Well I think that it was a big joke that some people took to the extreme.
Soft Rock(sometimes now called “Yacht Rock”) came along about the same time as Disco. As antipathetic as Disco was held at the time, at worst it’s now largely remembered as a silly annoyance (and I’m speaking as one who keenly remembers often having to drive cross-country alone all night with nothing available over the car radio besides Disco). Still, a third-century later, Soft Rock is seen as the greater sin against the spirit of Rock.
Who bears more scorn after all this time: Donna Summer or Michael Bolton?
I was totally a “Disco Sucks” guy back in the day. I outgrew that silly attitude.
I know what you mean here but it almost sounds like you’re saying he cleared up his sexual ambiguity and reestablished his macho image by singing showtunes. Which would be a new one.
Ooo, thanks for pointing that out. Definitely did not want to convey that he cleared up any sexual ambiguity. (Maybe marrying Rachel Hunter helped him there a bit, but his musical stylings… eehhhh not so much.)
It stank. And it went on a loooong time.
Or how about Barry Manilow, who was HUGE in the late 70s?
Please!

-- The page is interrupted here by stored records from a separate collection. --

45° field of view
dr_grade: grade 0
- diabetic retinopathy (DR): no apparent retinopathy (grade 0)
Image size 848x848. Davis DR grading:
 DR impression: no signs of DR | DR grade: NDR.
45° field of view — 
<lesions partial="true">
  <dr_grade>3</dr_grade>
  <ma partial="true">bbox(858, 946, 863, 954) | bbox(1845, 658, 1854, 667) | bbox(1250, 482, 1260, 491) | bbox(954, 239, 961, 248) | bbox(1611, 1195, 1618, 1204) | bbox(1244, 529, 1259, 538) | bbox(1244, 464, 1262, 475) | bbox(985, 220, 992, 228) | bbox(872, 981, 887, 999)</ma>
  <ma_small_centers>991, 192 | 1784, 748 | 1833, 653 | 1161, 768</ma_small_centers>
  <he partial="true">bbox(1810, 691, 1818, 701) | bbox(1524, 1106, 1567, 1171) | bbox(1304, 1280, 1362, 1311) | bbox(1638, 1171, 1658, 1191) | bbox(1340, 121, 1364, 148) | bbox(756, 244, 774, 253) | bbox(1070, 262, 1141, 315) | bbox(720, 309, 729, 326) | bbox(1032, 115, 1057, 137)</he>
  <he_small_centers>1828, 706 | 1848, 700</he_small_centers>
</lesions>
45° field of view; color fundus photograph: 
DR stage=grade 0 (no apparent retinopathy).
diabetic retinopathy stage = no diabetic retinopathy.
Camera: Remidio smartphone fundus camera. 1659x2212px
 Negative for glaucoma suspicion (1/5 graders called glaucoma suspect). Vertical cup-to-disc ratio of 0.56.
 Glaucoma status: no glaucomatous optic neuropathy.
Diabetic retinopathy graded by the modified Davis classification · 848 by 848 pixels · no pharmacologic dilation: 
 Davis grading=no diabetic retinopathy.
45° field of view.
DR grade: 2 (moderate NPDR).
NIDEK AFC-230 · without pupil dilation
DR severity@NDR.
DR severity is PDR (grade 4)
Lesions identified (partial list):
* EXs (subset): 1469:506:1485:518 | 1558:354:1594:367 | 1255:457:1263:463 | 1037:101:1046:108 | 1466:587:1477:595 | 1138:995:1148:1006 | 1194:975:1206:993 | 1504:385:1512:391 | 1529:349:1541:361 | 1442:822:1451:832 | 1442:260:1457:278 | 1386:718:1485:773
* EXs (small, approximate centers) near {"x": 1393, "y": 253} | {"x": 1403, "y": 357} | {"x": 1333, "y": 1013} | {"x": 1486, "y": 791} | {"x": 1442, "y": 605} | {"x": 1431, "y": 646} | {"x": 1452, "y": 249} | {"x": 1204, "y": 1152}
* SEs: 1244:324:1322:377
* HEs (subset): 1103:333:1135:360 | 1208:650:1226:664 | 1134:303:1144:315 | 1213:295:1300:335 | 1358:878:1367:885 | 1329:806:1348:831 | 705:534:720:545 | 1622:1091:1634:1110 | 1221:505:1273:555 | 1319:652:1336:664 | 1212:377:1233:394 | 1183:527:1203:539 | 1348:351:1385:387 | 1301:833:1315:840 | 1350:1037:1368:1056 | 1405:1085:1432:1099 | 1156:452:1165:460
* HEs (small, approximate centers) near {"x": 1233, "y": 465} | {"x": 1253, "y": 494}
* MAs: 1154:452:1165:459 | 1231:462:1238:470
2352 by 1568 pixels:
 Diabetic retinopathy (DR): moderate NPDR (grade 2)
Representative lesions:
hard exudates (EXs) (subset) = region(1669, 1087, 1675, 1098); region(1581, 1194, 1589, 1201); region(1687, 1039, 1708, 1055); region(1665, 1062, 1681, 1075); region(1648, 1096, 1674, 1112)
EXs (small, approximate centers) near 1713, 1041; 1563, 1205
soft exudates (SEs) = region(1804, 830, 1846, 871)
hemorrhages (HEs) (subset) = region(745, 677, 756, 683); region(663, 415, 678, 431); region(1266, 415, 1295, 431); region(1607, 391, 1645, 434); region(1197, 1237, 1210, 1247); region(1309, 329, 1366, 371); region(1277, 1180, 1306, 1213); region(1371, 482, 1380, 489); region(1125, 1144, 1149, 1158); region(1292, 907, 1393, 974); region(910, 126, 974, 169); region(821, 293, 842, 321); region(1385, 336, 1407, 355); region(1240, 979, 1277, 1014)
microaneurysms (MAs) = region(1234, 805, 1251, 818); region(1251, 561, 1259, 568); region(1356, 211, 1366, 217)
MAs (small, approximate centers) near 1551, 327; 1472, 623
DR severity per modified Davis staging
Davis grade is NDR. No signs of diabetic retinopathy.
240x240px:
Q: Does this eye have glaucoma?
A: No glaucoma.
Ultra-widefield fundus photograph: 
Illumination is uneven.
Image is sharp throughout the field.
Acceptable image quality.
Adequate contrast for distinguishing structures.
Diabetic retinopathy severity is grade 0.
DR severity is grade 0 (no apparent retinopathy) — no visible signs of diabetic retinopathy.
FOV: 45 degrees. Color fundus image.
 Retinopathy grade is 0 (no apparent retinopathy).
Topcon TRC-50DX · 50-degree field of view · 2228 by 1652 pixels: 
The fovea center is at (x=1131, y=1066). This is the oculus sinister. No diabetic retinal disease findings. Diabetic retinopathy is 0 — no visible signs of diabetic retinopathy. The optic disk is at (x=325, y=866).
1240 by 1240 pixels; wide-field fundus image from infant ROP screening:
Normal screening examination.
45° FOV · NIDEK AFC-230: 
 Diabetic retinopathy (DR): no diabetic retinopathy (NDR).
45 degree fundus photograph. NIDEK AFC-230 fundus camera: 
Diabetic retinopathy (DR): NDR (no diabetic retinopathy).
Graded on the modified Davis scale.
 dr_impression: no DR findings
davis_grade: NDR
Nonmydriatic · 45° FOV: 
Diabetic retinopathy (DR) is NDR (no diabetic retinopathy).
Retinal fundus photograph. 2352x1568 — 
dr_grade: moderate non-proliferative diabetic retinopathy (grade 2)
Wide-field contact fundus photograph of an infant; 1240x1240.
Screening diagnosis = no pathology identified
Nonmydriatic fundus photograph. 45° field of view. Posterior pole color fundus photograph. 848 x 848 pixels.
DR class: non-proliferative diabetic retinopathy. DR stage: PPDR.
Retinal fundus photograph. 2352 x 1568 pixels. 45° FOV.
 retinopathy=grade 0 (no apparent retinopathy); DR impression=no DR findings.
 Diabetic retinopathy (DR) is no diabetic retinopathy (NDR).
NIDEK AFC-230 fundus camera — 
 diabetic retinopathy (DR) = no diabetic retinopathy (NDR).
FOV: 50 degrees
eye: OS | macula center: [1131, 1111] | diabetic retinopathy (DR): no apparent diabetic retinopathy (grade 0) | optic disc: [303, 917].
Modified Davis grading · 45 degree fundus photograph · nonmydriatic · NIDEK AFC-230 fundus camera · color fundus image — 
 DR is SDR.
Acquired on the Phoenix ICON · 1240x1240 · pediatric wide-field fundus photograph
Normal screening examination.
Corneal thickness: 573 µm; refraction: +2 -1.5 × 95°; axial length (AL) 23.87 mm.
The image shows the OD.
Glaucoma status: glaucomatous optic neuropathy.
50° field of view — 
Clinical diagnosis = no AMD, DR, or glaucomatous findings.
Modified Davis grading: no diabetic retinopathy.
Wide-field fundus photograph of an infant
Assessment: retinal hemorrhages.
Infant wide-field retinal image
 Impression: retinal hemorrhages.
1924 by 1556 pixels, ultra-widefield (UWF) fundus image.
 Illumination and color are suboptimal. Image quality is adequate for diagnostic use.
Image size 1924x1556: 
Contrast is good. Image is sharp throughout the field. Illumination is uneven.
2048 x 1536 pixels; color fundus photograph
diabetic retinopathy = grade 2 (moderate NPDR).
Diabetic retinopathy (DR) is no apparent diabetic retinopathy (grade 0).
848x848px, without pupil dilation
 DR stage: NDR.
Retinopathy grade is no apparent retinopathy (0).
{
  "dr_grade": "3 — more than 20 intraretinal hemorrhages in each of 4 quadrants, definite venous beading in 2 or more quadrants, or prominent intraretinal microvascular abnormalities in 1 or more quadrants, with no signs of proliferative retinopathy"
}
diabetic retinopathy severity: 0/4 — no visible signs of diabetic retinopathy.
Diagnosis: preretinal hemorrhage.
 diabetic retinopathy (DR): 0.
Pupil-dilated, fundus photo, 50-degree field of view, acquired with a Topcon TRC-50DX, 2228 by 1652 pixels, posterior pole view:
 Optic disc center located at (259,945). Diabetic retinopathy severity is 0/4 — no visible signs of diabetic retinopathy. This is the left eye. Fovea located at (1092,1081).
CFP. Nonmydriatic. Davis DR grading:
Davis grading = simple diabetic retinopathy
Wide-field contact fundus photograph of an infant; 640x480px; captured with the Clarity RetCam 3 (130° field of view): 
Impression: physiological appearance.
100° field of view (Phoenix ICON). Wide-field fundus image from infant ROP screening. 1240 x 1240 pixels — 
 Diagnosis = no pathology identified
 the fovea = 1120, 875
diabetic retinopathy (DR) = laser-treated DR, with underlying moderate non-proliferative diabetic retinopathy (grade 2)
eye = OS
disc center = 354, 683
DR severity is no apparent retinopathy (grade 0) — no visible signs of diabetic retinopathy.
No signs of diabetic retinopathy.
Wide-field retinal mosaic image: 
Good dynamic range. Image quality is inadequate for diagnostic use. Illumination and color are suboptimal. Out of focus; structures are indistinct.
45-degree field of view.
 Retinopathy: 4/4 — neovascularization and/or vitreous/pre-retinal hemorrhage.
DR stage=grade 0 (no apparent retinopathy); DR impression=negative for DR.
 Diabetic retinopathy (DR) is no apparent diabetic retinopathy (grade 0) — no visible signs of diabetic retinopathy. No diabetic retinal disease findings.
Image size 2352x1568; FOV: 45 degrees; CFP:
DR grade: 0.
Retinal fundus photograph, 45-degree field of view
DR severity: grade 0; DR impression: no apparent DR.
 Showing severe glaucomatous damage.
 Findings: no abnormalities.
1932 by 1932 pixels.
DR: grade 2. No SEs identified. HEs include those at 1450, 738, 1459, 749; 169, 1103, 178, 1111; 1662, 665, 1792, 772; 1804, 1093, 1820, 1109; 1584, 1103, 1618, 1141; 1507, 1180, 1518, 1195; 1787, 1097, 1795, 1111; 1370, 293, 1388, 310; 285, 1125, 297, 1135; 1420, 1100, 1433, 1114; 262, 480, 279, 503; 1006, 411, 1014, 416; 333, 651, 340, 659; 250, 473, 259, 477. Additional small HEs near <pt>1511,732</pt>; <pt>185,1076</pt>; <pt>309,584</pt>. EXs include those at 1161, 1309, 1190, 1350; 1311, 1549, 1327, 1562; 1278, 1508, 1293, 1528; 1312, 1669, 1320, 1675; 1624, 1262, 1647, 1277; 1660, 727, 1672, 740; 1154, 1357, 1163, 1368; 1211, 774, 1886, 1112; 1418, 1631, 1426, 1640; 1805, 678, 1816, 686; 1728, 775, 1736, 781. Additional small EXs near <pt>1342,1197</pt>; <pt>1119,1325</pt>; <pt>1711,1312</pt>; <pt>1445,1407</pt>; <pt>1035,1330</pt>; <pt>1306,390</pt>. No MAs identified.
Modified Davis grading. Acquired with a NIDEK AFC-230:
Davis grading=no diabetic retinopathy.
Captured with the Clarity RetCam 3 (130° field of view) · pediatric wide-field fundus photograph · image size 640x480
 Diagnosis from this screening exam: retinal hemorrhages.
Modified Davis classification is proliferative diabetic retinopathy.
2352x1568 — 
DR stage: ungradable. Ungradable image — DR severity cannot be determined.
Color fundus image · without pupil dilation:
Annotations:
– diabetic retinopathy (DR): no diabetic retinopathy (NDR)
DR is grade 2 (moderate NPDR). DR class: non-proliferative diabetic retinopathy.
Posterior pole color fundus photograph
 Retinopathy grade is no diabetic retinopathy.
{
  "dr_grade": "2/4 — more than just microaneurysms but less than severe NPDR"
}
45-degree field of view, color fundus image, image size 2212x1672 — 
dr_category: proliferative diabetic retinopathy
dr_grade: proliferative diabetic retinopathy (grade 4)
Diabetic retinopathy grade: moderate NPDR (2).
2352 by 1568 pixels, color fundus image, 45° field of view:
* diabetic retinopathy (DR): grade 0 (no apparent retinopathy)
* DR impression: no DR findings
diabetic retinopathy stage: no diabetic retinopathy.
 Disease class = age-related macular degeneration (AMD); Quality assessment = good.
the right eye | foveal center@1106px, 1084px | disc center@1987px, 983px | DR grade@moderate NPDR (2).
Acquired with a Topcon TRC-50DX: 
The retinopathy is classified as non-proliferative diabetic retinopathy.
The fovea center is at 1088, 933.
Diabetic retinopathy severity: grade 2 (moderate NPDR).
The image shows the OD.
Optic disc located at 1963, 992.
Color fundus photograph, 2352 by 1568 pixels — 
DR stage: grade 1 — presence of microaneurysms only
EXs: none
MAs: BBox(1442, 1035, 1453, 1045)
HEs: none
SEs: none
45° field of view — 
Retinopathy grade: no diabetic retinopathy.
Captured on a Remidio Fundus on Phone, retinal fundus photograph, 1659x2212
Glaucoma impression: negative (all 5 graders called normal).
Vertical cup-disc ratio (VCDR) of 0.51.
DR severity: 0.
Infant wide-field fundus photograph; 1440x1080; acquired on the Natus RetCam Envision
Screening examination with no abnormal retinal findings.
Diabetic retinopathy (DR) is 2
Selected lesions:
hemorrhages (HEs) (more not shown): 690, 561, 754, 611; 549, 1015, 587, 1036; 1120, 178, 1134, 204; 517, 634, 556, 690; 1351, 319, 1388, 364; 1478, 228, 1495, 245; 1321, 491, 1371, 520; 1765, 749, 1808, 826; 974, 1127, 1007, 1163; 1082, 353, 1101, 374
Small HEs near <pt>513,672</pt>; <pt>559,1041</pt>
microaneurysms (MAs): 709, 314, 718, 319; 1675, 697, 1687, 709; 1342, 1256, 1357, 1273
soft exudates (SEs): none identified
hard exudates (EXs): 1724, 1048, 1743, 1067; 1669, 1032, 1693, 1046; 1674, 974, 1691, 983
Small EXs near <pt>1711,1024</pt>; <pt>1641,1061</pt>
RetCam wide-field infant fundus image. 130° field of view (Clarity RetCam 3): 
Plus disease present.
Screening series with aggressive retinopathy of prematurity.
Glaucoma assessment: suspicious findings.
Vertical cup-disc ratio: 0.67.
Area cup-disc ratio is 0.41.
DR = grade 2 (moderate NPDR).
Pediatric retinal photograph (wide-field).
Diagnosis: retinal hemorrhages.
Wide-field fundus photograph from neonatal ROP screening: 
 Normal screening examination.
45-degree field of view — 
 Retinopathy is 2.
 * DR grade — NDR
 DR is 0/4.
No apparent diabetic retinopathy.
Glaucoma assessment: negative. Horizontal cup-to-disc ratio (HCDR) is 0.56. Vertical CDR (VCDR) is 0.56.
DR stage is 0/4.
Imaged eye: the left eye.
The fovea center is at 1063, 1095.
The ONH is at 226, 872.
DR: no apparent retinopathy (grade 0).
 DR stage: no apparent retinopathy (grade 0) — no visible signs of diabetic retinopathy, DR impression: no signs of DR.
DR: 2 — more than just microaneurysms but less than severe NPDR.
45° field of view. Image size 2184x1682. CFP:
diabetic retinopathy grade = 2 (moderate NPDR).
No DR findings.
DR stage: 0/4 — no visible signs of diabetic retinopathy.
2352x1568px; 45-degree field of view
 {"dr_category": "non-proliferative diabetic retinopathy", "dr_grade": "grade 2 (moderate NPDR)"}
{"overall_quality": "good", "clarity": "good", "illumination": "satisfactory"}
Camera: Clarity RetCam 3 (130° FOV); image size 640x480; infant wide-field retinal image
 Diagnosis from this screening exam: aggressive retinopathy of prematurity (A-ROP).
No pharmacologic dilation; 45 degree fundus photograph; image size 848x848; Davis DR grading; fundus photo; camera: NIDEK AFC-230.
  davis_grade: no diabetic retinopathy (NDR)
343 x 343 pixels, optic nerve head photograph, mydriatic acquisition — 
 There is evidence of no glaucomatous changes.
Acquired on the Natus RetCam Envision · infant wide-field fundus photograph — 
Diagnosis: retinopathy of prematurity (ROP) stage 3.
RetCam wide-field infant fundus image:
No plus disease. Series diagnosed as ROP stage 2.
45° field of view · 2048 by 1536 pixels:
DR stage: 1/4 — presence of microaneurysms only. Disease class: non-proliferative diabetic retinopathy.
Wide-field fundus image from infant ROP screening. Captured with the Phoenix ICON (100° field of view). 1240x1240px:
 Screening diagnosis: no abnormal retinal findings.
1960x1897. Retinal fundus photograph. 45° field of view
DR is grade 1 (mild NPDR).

Not even close: Donna Summer innovated in a music style that folks may not like (hence this thread) but was hugely popular and endures to this day. She’s already been revisited and offered respect-in-hindsight a number of times.
Bolton is just a douchebag.
Huh. I thought he was a no-talent assclown.
Crap - I can’t believe I let that reference go untapped :smack::smack:
I absolutely agree. I have a few songs from Donna Summer on my iPod right now.
As other Dopers have said, the radio stations played disco songs until Hell wouldn’t have them.
Disco was all right on the dance floor, but most songs, aside from a few gems like “The Last Dance” and “The Hustle” weren’t that good either.
I must also say that while I didn’t like most of her music in the '70’s, Donna Summer has one helluva voice. To compare her to a no-talent asshat like Michael Bolton is an insult to the lady.
Hopefully after dark, by something with a pale complexion and extra-long incisors.
I believe I had my first inkling that civilization was doomed when the Hues Corporation’s “Rock The Boat” became a hit.
- rock the boat, don’t rock the boat baby
rock the boat, don’t tip the boat over
rock the boat, don’t rock the boat baby
rock the boat-t-t-t-t
Our love is like a ship on the o-cean
spawning loathing and derision and re-vulsion*
I suppose if you were heavily into the dance scene some disco might have been bearable*, but - listening to it on the radio???
*Buried deep, deep within the recesses of my Ipod are a couple of songs by K.C. and the Sunshine Band. Uh-huh Uh-huh.
I specifically exclude Donna Summer from my general distaste for disco. But the list of great singers that came out of (as opposed to simply passed through) disco pretty much starts and ends with her.